Your equation simply shows that the bike is modeled as a right triangle with the wheelbase as the hypotenuse. The fixed dimension is the distance from rear axle to the intersection with projected headtube angle. What do you want us to explain? This _is_ highschool geometry, and the only catch to the problem is realizing that wheelbase is a dynamic quantity as the fork compresses. The rest is obvious.

I agree with the others: your analysis is valid, but you're not impressing anyone with the way you present it. Just because you bothered to do the work does not make it a grand accomplishment.


----------



## Baulz (Sep 16, 2005)

pvd said:


> Yes, in a way. Slacker heads and steep seat tubes, short chainstays and longer front centers. My bikes are trail bikes, so by my design the rear is designed around climbing and the front around decending. With very long travel forks on hardtails, while decending, the head will get much steeper and the bb much lower, leading to some serious t-bones, capsises, and pedal snags. Slack the head out too much and the bike climbs really bad and the bike gets quite tippy if the bb is too high. This formula makes it possible to see how the bike will be climbing, JRA, and decending. That way I can optimize the good or minimize the bad in each case.


Do you calculate how much your tire will compress at full travel as well? That must alter the geo a bit.


----------



## scottzg (Sep 27, 2006)

pvd said:


> I build frames. I design the ones I build. Then I ride them. I know that I'm a far better rider than you. This 'math' stuff is what separates a bike from a very good bike.


THAT'S AWESOME! Oh man, i would be giggling for days after putting up a post like that.

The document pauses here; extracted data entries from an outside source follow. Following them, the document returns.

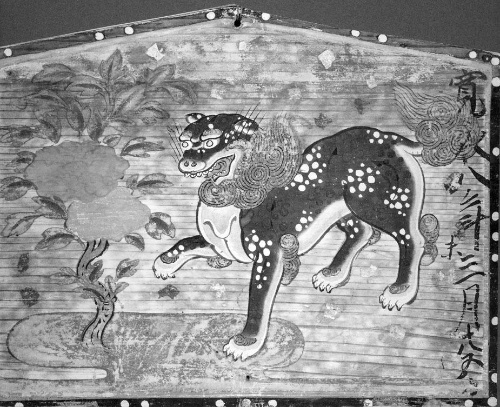
Title: 水辺に牡丹と唐獅子図絵馬「寛永八 年末三月廿五日」|Ema (Votive Painting) of a Chinese Lion and Peony Tree by Flowing Water
Date: 1631
Object type: Votive painting
Classification: Paintings
Medium: Ink, color, and gold leaf on wood
Culture: Japan
Period: Edo period (1615–1868)
Dimensions: 7 3/8 x 9 3/4 in. (18.7 x 24.8 cm)
Department: Asian Art
Credit line: The Harry G. C. Packard Collection of Asian Art, Gift of Harry G. C. Packard, and Purchase, Fletcher, Rogers, Harris Brisbane Dick, and Louis V. Bell Funds, Joseph Pulitzer Bequest, and The Annenberg Fund Inc. Gift, 1975
Accession year: 1975
Repository: Metropolitan Museum of Art, New York, NY
Tags: Lions|Trees
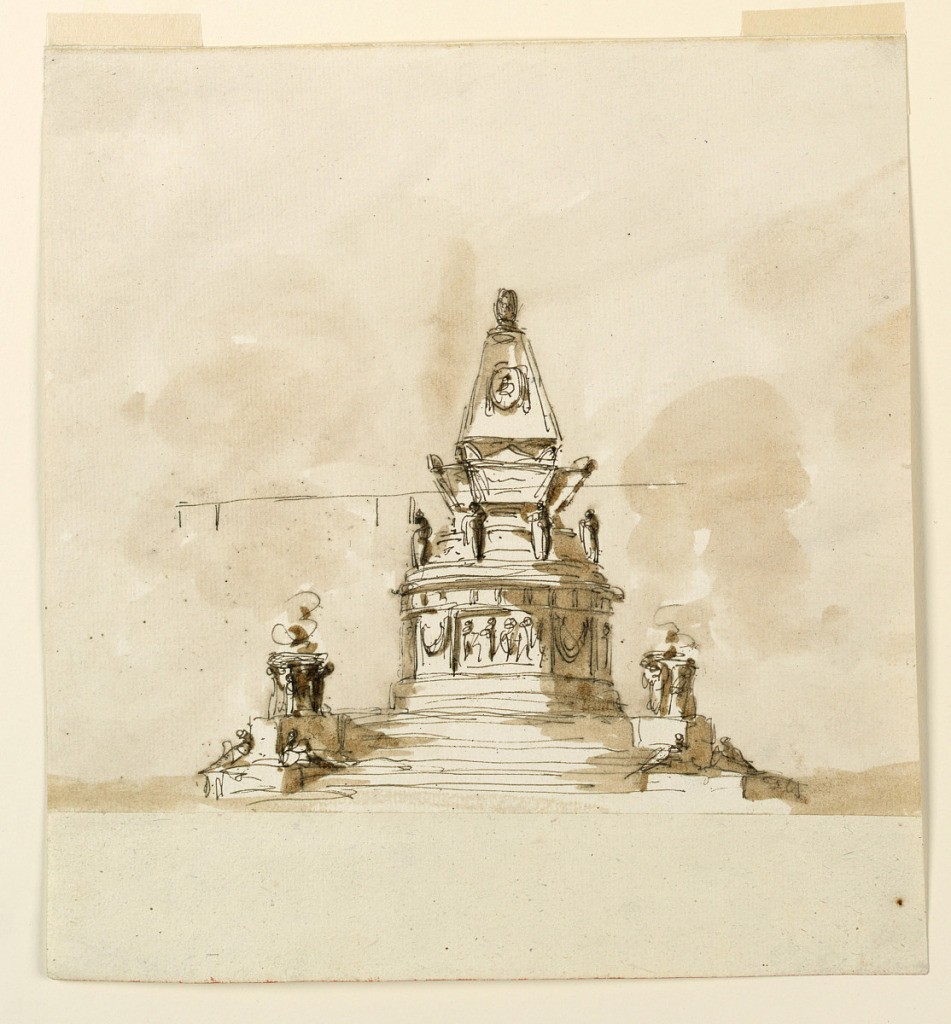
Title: Design for a Sepulchral Monument
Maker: Giuseppe Barberi, Italian, 1746–1809
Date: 1746-1809
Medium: Pen and brown ink, brush and brown wash, red ink on lined off-white laid paper
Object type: Drawing
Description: Steps, leading up to a platform, are bordered laterally by pairs of figures lying or leaning against some object, and by bowls with fires, standing upon four legs. In the center rises a high pedestal with a relief in its front panel and with figures standing upon the entablature. A sarcophagus is on top from which an obelisk rises, having a medallion portrait at the front and a knob as a point. Slightly colored background. Some lines are drawn over an unfinished sketch of a plan.
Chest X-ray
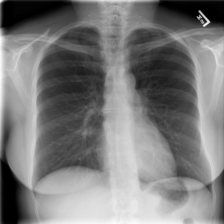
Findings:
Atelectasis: negative
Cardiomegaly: negative
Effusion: negative
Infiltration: negative
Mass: negative
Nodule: negative
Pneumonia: negative
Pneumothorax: negative
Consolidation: negative
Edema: negative
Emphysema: negative
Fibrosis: negative
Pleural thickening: negative
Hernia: negative
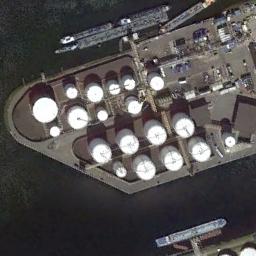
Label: storage_tank
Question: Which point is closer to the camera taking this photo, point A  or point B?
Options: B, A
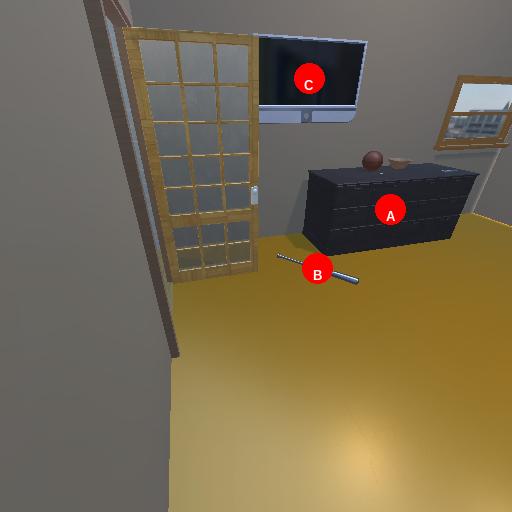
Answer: B
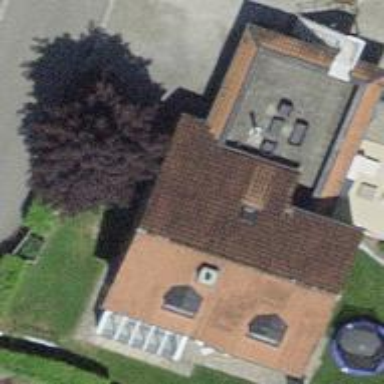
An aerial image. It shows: Detached building with gabled roof.
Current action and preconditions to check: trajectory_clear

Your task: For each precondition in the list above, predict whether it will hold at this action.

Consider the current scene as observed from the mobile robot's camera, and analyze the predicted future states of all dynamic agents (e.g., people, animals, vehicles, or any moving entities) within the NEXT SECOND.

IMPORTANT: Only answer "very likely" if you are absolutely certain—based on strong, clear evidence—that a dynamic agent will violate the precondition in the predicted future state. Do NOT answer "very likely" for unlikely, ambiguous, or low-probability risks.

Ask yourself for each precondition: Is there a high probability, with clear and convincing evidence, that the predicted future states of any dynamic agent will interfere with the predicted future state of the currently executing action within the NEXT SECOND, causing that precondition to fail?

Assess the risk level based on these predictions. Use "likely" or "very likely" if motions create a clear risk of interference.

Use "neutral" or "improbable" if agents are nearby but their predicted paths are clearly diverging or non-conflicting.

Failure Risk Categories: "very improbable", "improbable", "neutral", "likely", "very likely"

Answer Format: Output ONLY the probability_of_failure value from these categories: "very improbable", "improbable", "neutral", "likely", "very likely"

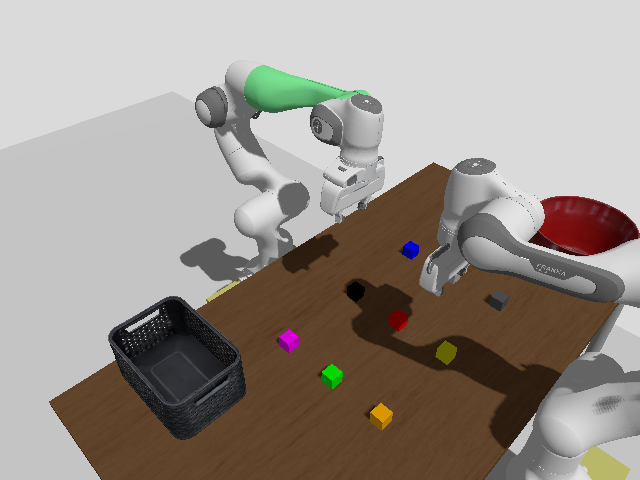

Answer: improbable
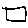
Label: square
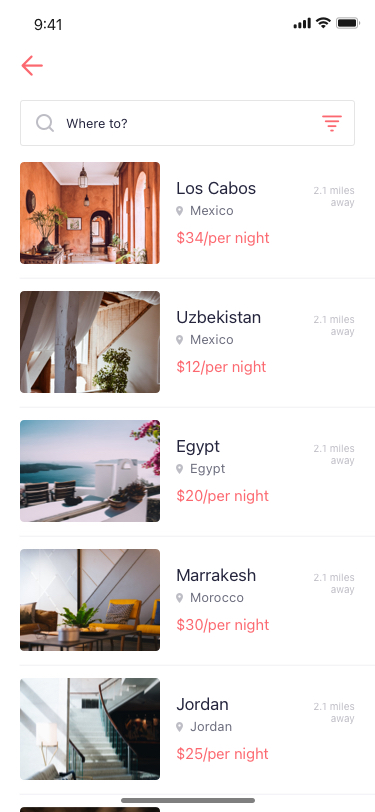
Text in this UI design:
Where to?
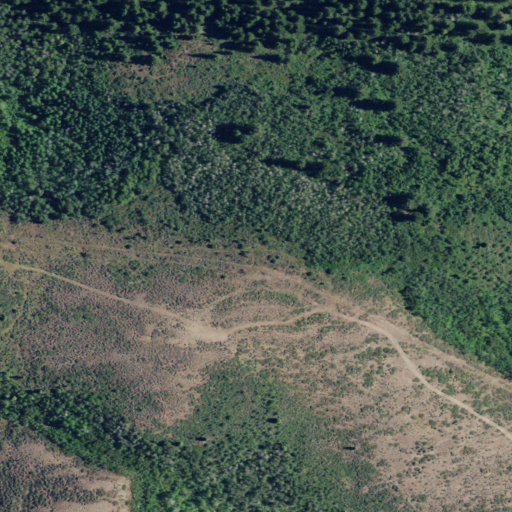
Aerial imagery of ridge(s) in Idaho named Wilson Ridge containing evergreen forest, shrub, deciduous forest, and grassland
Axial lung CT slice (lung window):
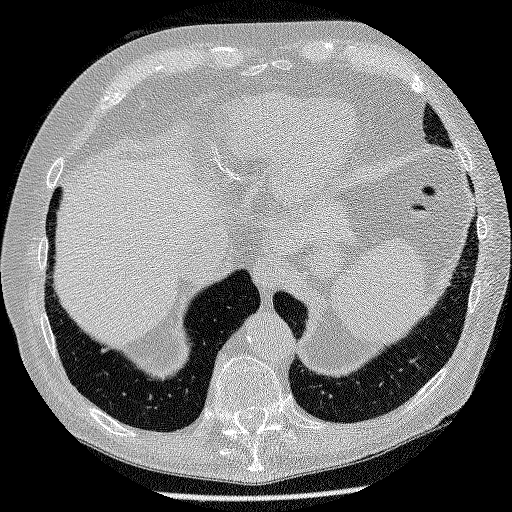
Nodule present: no
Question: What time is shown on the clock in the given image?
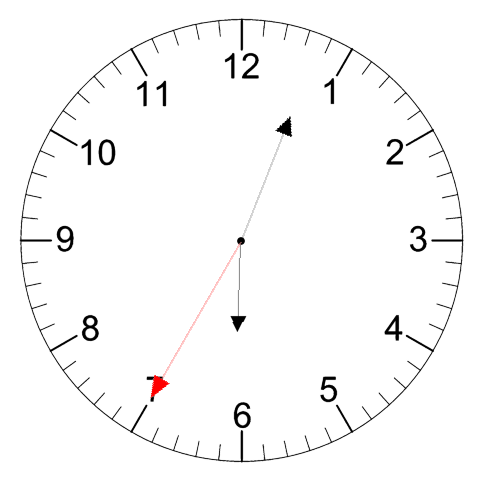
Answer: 06:03:35
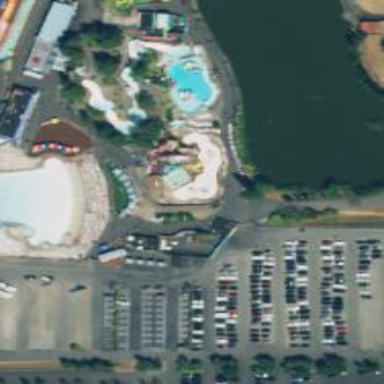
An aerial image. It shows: Water slide attraction.
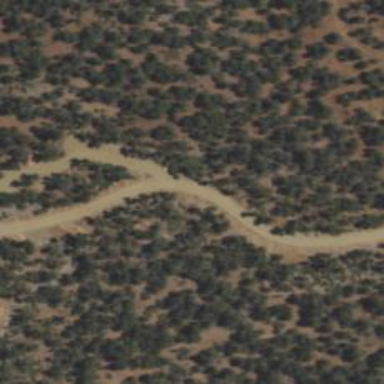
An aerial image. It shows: Driveway leading to service road.
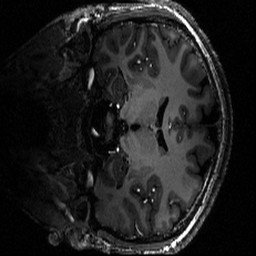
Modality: T1w
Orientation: coronal
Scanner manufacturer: siemens
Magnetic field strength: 6.98 T
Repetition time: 2.5 s
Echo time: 0.00287 s

How about this: I don't care if your bikes crank themselves up hills and float down boulder fields like riding on a kitten, I wouldn't buy one from you because you're a douche.

Honestly, you're embarrassing yourself! shut up!


----------



## pvd (Jan 4, 2006)

Baulz said:


> Do you calculate how much your tire will compress at full travel as well? That must alter the geo a bit.


I wouldn't dare try to calculate that. too many variables. i do mention that this will happen on the wiki, as well as chasis flex.


----------



## pvd (Jan 4, 2006)

scottzg said:


> I don't care if your bikes crank themselves up hills and float down boulder fields like riding on a kitten, I wouldn't buy one from you because you're a douche.


Again, I don't sell bikes.

Have a nice day!


----------



## Walt (Jan 23, 2004)

*Read my original reply...*

Maybe I wasn't clear. My question was whether this level of precision is important when there are quick and dirty ways to calculate this that I would consider "good enough". So in answer to PVD's original question, no, I do not "go the extra mile", at least wrt this question. I imagine one could spend days calculating and modeling every possible frame design in every possible situation. I just don't think it's necessary.

-Walt



mtnbiker4life said:


> I actually think this is very relevant to frame design. The bike industry doesn't have the best track record with regards to putting out well thought out designs...just look at the GF HiFi that had the over-center shock failure......it's better today then it was ten years ago when all the cottege industries were spitting out Gee Whiz products. My only beef with pvd is his provocation....but that's a personal difference in approach.


----------



## pvd (Jan 4, 2006)

jmoote said:


> Your equation simply shows that the bike is modeled as a right triangle with the wheelbase as the hypotenuse. The fixed dimension is the distance from rear axle to the intersection with projected headtube angle. What do you want us to explain? This _is_ highschool geometry, and the only catch to the problem is realizing that wheelbase is a dynamic quantity as the fork compresses. The rest is obvious.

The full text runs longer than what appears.